The Center for Immigration Studies found the issue stems from how the food stamp system categorizes eligible households. Households cannot routinely qualify for benefits if a member has a high enough income. Illegal immigrants usually don’t report their income, meaning the household they are living with might appear as though they are making less than they actually are.

“Food stamps is a program for people of limited income, so there are income limits that go with family sizes,” the report detailed. “Families including an employed ineligible alien can secure food stamps when an all-citizen family of the same size and with the same income would be denied the benefits.”

The U.S. Department of Agriculture (USDA) is the main federal agency that administers the national food stamp program.

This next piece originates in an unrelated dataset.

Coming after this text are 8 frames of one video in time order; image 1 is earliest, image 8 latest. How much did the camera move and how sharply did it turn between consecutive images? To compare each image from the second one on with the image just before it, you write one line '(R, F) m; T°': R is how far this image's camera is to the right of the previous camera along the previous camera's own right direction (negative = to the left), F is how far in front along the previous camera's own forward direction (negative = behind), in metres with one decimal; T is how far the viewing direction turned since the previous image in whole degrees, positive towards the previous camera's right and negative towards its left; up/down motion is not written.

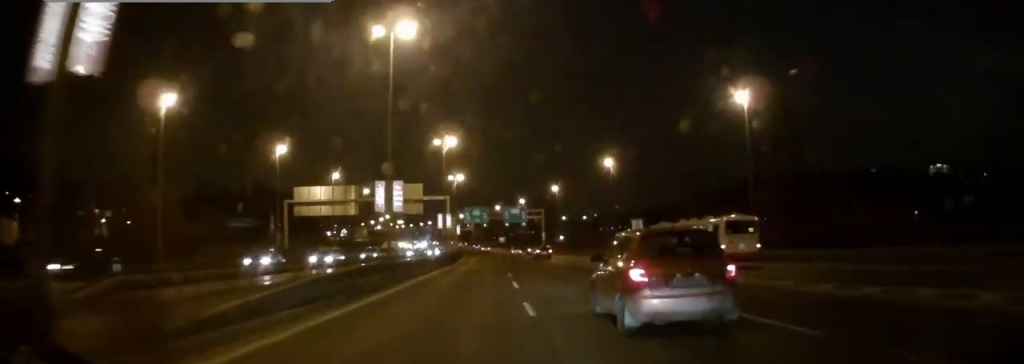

It works with state agencies to make sure benefits are properly distributed to qualified individuals and families. The department at one time had a way to stop the issue but no longer publishes it as a suggestion to state agencies.

“In a 2011 USDA publication there is a reference to an option available to states to impose the concept of gross income levels in SNAP cases, thus eliminating the benefit break we have been describing,” the report continued. “But there are no references to such an option in more recent SNAP publications.”

Households eligibility is determined based on the amount of qualified individuals and the total income level. A larger household for instance has can have a higher total income compared to an individual before being cutoff. An illegal immigrant is not counted as an eligible individual but neither is his income.

The food stamp program is the largest nutritional assistance welfare service in the country. The USDA estimates the program has increased from 17 million participants in 2000 to nearly 47 million in 2014. It has declined by more than 1.5 million recipients since participation hit its peak in 2012 thanks in part to the improved economy, the Congressional Budget Office found.